Social Stratification in the Deep South

Southern Poverty Law Center

In our time with Andrew at the Southern Poverty Law Center and the Civil Rights Memorial, our group seemed to be stricken with multiple emotions as a reaction to the memorial. I was amazed by the beautiful tribute to the many people who lost their lives in the struggle to obtain equal rights for not only African Americans in the south, but the people who have died as a result of hatred for what is not known or understood. I was seriously brought to tears when I was reading the stories of the people who have been murdered in cold blood since the Civil Rights movement because they were different from their killers and that was the only reason that these people were murdered.

The attention that was drawn to groups not only in the United States, such as the victims of the Darfur genocide and the Holocaust, is something that we all know about, but that many of us tend to overlook in the question of equal rights for all people. America is known as the land of the free and home of the brave, but if we, as a nation, are unable to secure what we consider to be basic freedoms forty years after the civil rights movement and after we have had so much legislation to go through to secure these rights, then what hope do we have to show the rest of the world?

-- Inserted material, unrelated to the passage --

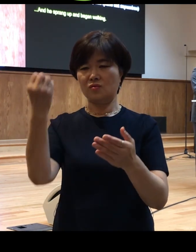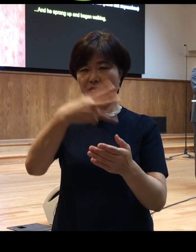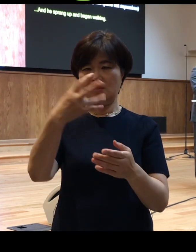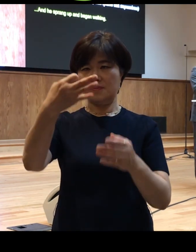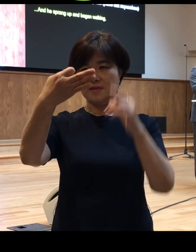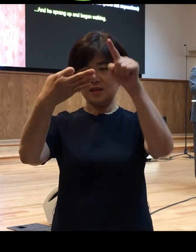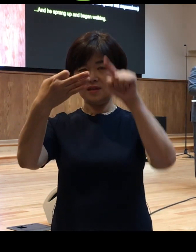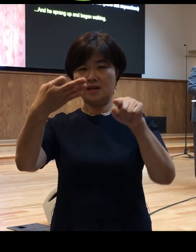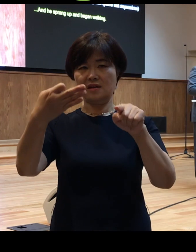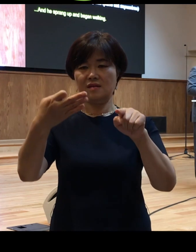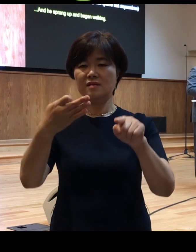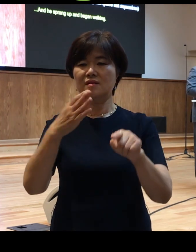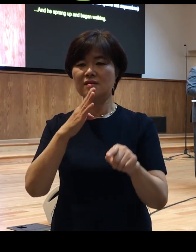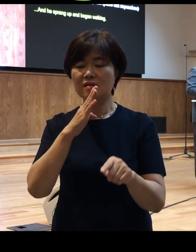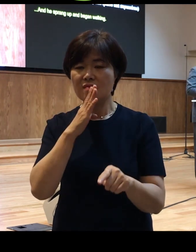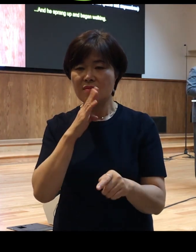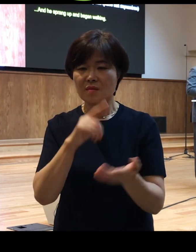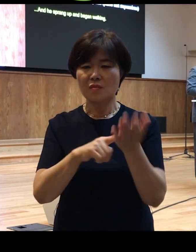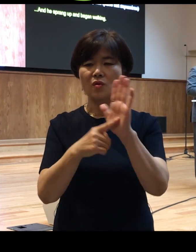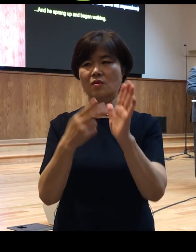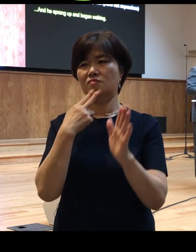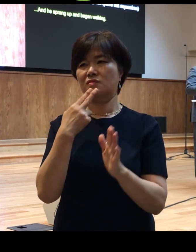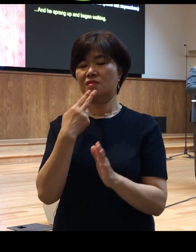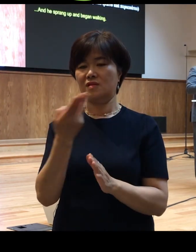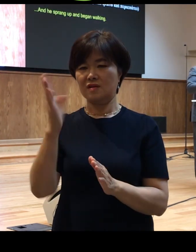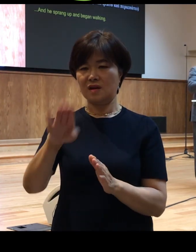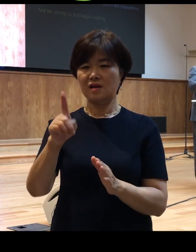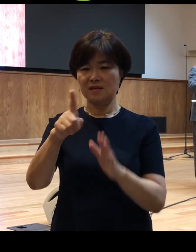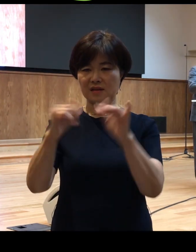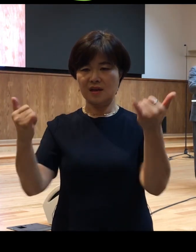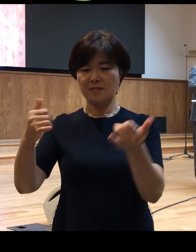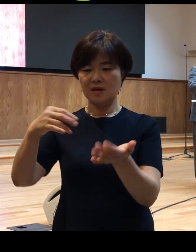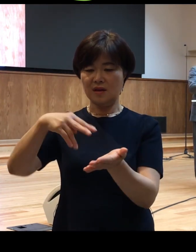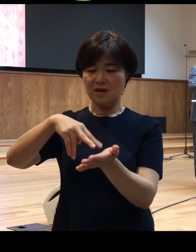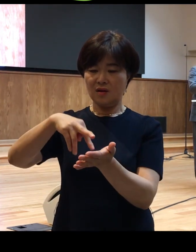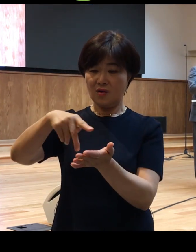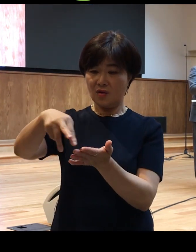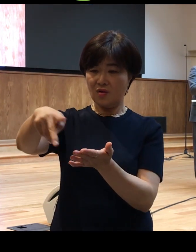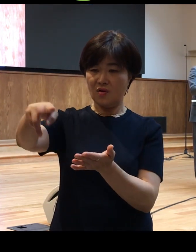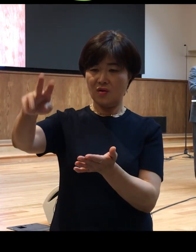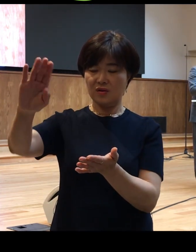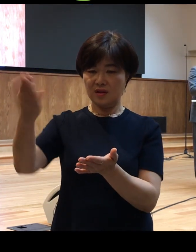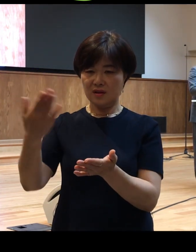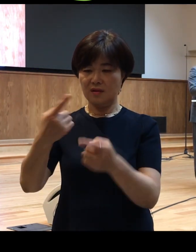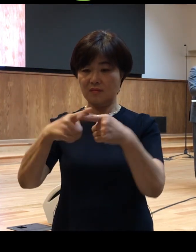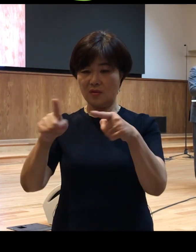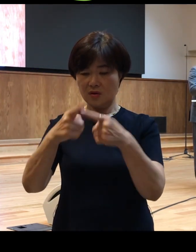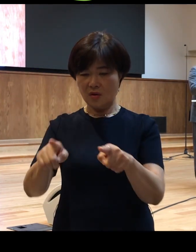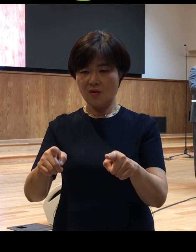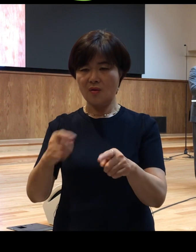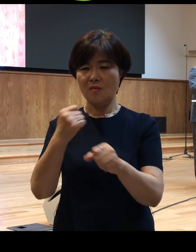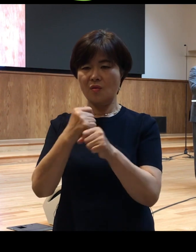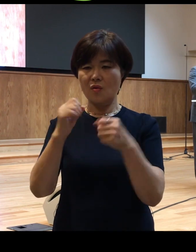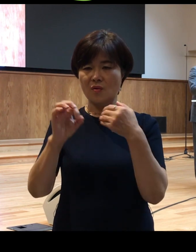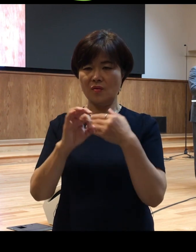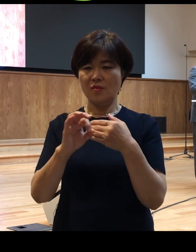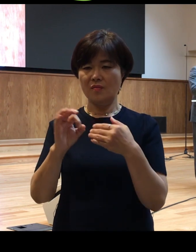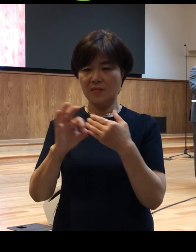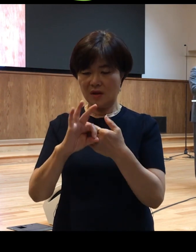직접적인 표현은 없지만요 그가 걸었다 라고 번역한 동사를 보니까 페리 파테오라고 하는
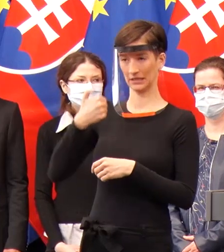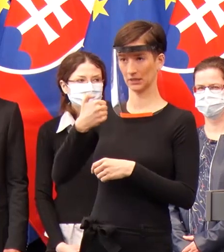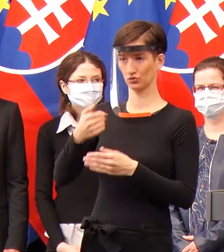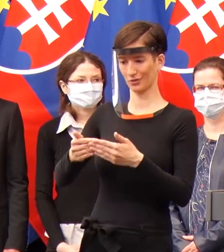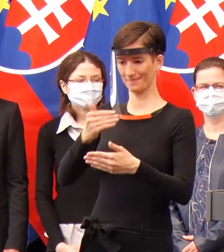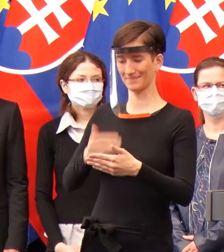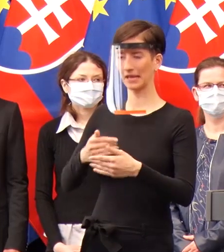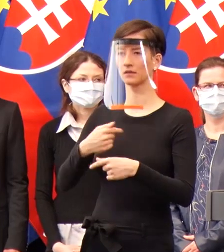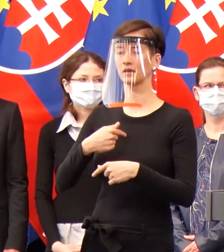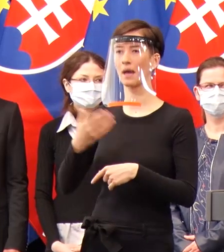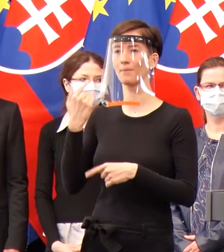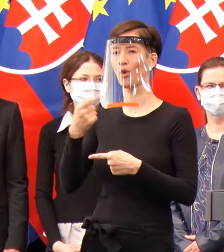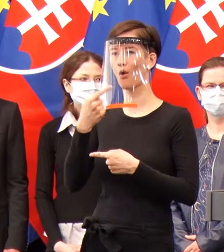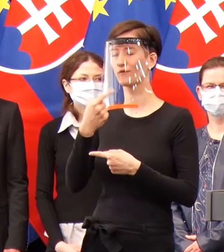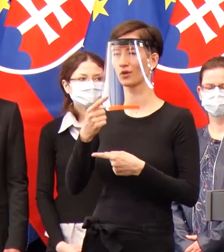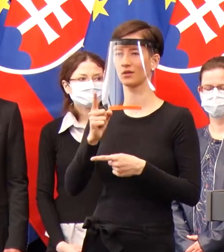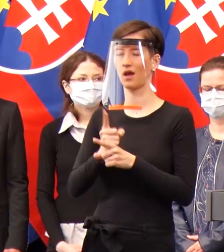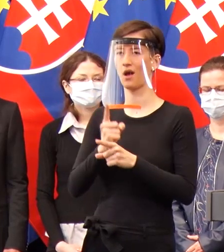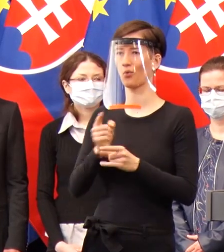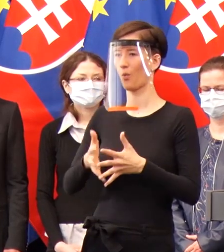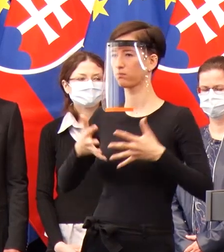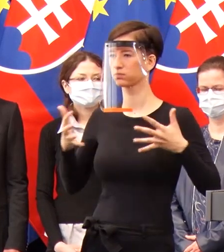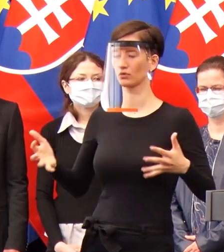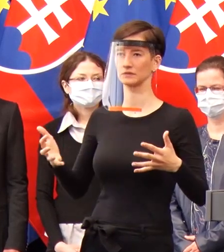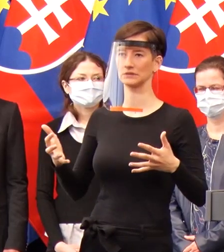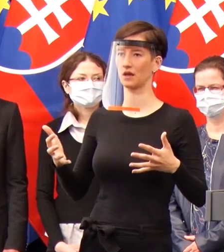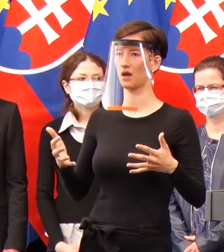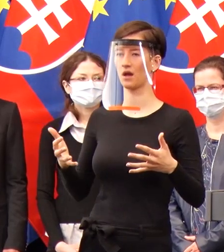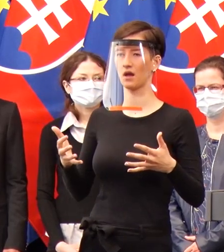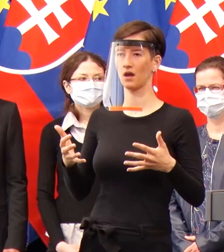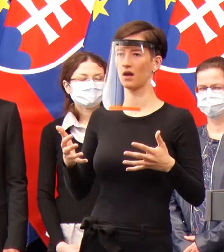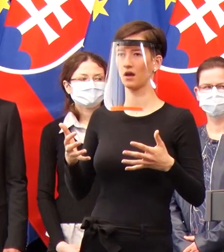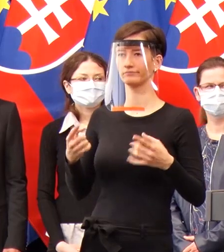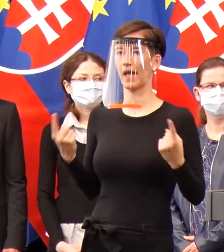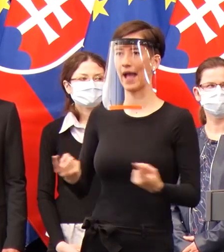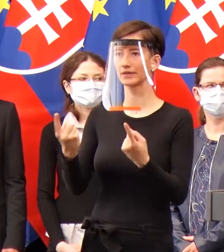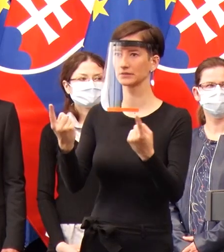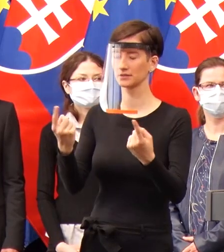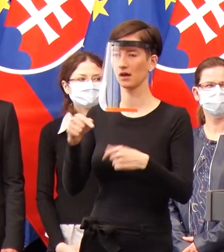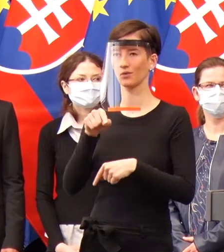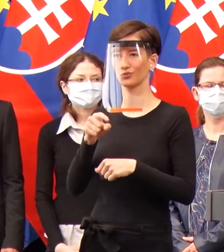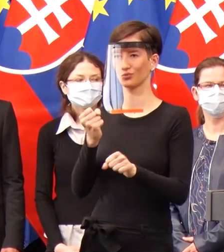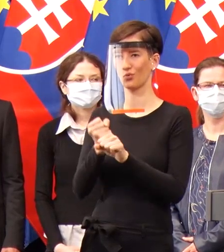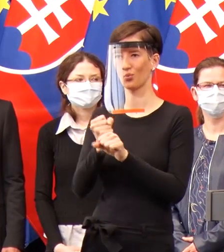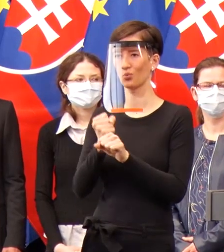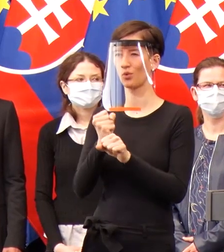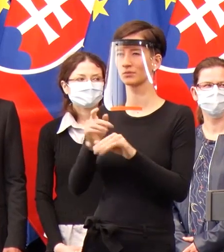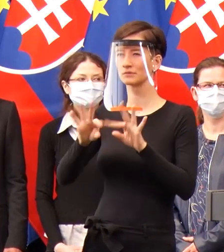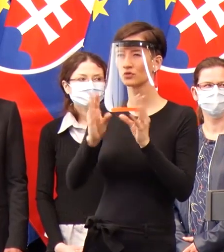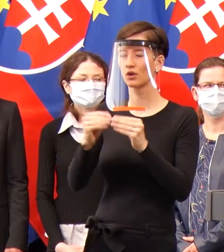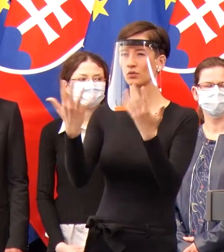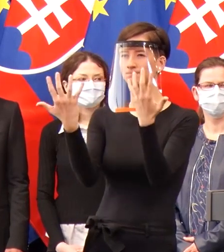to je mamutia logistická operácia. Podľa vyjadrenia oveľa skúsenejších ľudí, takéto niečo sa v

The walk across the bridge in Selma was very surreal to me to know the pain and suffering that took place at the foot of the bridge where so many people were just trying to get to their right to vote. Something that Dr. Hattery brought up that I have continued to think about was the fact that the people that organized in Selma were not just wanting the right to vote, but that these were impoverished people who needed to have a voice because there were no politicians standing up for their rights.